Migrate existing dashboards to query through the semantic layer, not raw tables. This is tedious but essential — every dashboard on raw SQL can drift. Start with the highest-trust dashboards (exec, finance) and work outward. Expect pushback from analysts who prefer the flexibility of raw SQL.

Step 6: Expose to AI Clients

The newest and biggest win: expose the semantic layer to AI assistants (Claude, Cursor, ChatGPT) so they query canonical metrics instead of writing SQL from scratch. Data Workers catalog and context agents wrap any semantic layer as MCP tools, giving AI clients trustworthy metric access.

Book a demo to see AI-ready semantic layer integration.

Common Mistakes

Three mistakes show up in almost every failed semantic layer rollout. First, building the layer before resolving metric inconsistencies — you just move chaos one layer up and now you have two canonical definitions of MRR instead of one. Resolve existing inconsistencies first, then model.

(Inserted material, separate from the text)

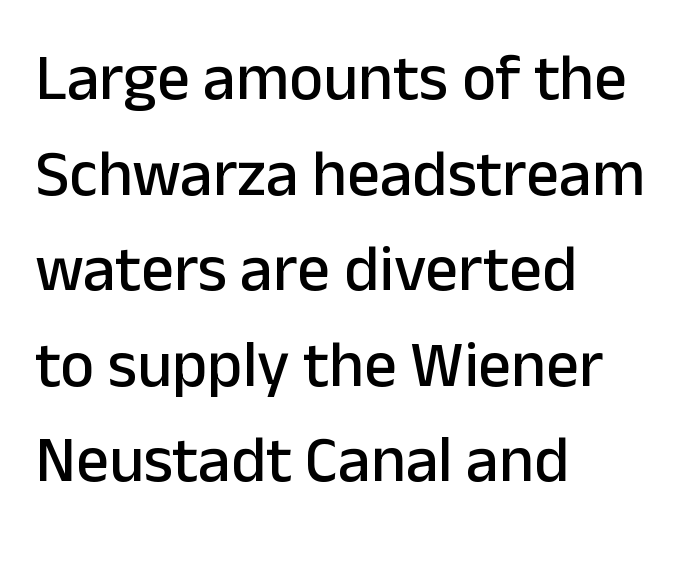
The image shows 65 px sans-serif type, upright; set left-aligned, normal line spacing (1.47x), normal letter spacing, not underlined; low stroke contrast and a medium x-height.

Second, letting analysts bypass the layer with raw SQL because it feels faster. You must kill raw-SQL dashboards or the layer is optional, and optional governance is no governance. Third, shipping the layer without exec sponsorship — when finance and growth disagree about MRR definition, only an exec can break the tie, and until they do, the layer cannot ship.

Production Considerations

Performance is the first production concern. Every metric query compiles to SQL and runs against the warehouse; poorly modeled metrics trigger cross-joins or full-table scans. Test every new metric against a realistic data volume before release. Use aggregate tables or materialized views for frequently-requested metrics to cut latency and cost. Second, monitor metric-level usage: which metrics are queried, by whom, from which tool. That usage data drives prioritization when the backlog is full. Third, version metrics the same way you version APIs — breaking changes need a deprecation window, and consumer teams need time to migrate before old definitions disappear.

Validation Checklist

Before declaring the semantic layer live, verify: all exec dashboards query through the layer, metric definitions are reviewed by the relevant business owner, the layer is documented in the catalog with examples, BI tool integration is tested end-to-end, AI assistants can query the layer via MCP or REST, and there is an escalation path for metric disputes. Each box must be checked or the layer will not stick.

A semantic layer is how you make every tool (BI, embedded, AI) return the same MRR. Pick a tool, inventory existing metrics, model them as code, expose an API, migrate dashboards, and wire it to AI clients. Metric drift dies the day you commit.